Why has the US rig count declined to 3-year lows?

The decline to 3-year lows reflects several factors including volatile oil and gas prices, economic uncertainty, and improved drilling efficiency. Over the past month, there has been a noticeable change in rig activity, with the rig count decreasing as companies respond to market conditions. This change has occurred over a relatively short period of time, highlighting how quickly industry trends can shift. Companies have become more selective about new projects, focusing on their most profitable acreage. Additionally, technological advances mean fewer rigs are needed to maintain production levels, as modern drilling techniques can extract more resources per well than previous methods. Historically, U.S. oil rigs peaked in late 2014 at as high as 1609, illustrating the cyclical nature of the industry. Within two years of this peak, the count sharply declined to 325, demonstrating the volatility and rapid adjustments characteristic of the sector. The total number of active oil rigs globally in 2024 averages 1,734, about half the number in 2014.

How does the reduced rig count affect working interest owners?

Reduced rig activity can impact working interest owners in multiple ways. Changes in rig count over time can signal shifts in industry trends, affecting both short-term and long-term investment opportunities. While fewer active projects may limit new investment opportunities, it can also create attractive entry points for quality assets at lower valuations. Working interest owners can access relevant rig count data and historical trends to make informed decisions about where and when to invest. The key is focusing on projects in proven basins with existing infrastructure and strong geological data, where the risk-return profile remains favorable even in a challenging market environment.

What makes the Permian basin so important to US drilling activity?

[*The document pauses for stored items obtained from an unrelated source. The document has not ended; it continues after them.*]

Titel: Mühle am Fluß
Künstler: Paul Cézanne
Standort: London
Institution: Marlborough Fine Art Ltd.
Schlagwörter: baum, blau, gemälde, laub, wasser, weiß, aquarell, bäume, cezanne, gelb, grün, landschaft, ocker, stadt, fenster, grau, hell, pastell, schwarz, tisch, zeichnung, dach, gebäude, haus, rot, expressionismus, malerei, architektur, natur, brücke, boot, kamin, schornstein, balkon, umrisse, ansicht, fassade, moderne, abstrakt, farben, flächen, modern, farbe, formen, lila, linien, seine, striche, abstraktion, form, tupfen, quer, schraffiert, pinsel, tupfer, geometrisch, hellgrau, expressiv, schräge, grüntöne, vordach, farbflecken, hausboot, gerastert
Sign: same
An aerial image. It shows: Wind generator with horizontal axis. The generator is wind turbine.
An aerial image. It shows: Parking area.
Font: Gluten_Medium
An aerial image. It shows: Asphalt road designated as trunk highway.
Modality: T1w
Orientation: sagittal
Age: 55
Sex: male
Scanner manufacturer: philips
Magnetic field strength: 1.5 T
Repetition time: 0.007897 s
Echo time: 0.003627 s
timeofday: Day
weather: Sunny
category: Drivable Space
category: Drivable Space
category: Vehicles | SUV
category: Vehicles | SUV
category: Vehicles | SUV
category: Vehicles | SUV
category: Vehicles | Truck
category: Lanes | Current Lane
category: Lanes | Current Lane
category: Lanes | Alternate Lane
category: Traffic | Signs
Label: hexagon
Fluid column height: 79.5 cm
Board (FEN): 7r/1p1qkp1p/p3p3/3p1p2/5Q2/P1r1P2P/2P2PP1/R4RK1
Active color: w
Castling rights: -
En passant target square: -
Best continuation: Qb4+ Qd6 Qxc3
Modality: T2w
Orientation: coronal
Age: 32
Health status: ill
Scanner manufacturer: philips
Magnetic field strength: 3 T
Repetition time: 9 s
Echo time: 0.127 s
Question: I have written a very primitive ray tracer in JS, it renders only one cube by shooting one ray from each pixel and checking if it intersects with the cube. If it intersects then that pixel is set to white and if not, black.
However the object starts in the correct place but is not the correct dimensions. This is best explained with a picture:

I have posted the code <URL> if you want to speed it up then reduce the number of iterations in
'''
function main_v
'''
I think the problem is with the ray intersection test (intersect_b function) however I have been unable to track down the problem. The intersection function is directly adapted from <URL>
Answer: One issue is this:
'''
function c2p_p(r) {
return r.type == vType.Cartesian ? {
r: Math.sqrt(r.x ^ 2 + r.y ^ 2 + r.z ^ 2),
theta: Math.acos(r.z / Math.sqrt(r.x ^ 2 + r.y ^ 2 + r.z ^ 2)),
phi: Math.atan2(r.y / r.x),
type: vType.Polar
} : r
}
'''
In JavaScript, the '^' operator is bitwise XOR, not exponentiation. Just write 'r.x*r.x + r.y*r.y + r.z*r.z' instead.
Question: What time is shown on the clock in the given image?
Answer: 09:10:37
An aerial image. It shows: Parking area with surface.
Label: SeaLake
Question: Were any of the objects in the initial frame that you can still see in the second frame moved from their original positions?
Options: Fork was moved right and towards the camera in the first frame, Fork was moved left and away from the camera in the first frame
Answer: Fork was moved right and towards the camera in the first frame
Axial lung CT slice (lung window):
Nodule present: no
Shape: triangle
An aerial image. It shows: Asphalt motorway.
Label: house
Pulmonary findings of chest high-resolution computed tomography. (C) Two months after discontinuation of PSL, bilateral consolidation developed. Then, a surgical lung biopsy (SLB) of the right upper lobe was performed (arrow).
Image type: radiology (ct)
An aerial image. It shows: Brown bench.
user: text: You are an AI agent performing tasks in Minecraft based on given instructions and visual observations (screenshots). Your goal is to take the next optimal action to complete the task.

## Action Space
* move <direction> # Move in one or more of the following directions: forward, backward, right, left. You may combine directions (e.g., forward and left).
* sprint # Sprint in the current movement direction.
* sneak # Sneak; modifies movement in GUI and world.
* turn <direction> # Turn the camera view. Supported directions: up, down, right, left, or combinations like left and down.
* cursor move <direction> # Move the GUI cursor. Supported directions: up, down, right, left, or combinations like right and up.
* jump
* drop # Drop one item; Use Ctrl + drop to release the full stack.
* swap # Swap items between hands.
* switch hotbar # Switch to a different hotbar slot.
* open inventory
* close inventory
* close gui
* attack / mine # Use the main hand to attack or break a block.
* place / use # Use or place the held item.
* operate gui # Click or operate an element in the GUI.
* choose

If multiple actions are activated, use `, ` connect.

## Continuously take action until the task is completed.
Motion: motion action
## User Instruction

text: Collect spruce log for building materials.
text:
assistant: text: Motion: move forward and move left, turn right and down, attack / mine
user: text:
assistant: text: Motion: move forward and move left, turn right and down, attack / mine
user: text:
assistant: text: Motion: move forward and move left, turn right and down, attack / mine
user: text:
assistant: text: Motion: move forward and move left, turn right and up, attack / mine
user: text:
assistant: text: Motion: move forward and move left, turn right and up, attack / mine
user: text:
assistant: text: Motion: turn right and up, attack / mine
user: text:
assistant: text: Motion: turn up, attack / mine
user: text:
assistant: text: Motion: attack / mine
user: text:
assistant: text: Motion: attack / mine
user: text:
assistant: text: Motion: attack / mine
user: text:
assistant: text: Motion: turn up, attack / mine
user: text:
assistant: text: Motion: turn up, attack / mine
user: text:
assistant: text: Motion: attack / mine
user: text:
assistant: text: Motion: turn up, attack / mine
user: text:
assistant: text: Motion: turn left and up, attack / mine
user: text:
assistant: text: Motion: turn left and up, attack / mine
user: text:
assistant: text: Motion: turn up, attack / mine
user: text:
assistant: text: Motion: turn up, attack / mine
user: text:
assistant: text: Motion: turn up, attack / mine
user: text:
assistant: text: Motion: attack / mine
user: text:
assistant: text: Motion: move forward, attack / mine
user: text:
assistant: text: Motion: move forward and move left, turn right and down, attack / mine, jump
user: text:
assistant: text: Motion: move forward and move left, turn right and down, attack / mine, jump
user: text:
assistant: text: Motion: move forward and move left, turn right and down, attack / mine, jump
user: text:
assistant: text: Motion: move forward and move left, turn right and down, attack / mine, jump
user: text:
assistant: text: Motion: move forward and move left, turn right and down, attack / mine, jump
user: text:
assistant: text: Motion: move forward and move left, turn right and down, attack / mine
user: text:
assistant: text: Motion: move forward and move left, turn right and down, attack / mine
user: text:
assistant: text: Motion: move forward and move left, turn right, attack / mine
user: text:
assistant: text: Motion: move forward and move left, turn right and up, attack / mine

The Permian basin represents America’s most prolific and the largest shale oil region, historically driving much of the growth in US oil production over the past decade. With 256 active rigs (despite recent declines), it still accounts for nearly half of all US drilling activity. The basin’s importance stems from its proven reserves, the strategic location which provides access to major infrastructure and facilitates high production, and relatively low breakeven costs compared to other regions. The U.S. oil rig count was at 418 as of October 17, 2025, down from 481 one year ago. The Eagle Ford basin ranks second in the number of oil rigs in the United States, further highlighting the importance of regional contributions to the nation's energy output.

Should investors be concerned about the current drilling slowdown?

While the current slowdown presents challenges, it may also create opportunities for informed investors. The industry is experiencing a period of adjustment, reflecting a change in drilling activity over time rather than a permanent decline. For those considering domestic drilling and operating investments, the focus should be on projects with strong fundamentals, experienced operators, and locations in proven basins where operational efficiency and existing infrastructure provide competitive advantages. Investors can use current data on rig counts and activity trends to identify opportunities that may arise during this time of transition.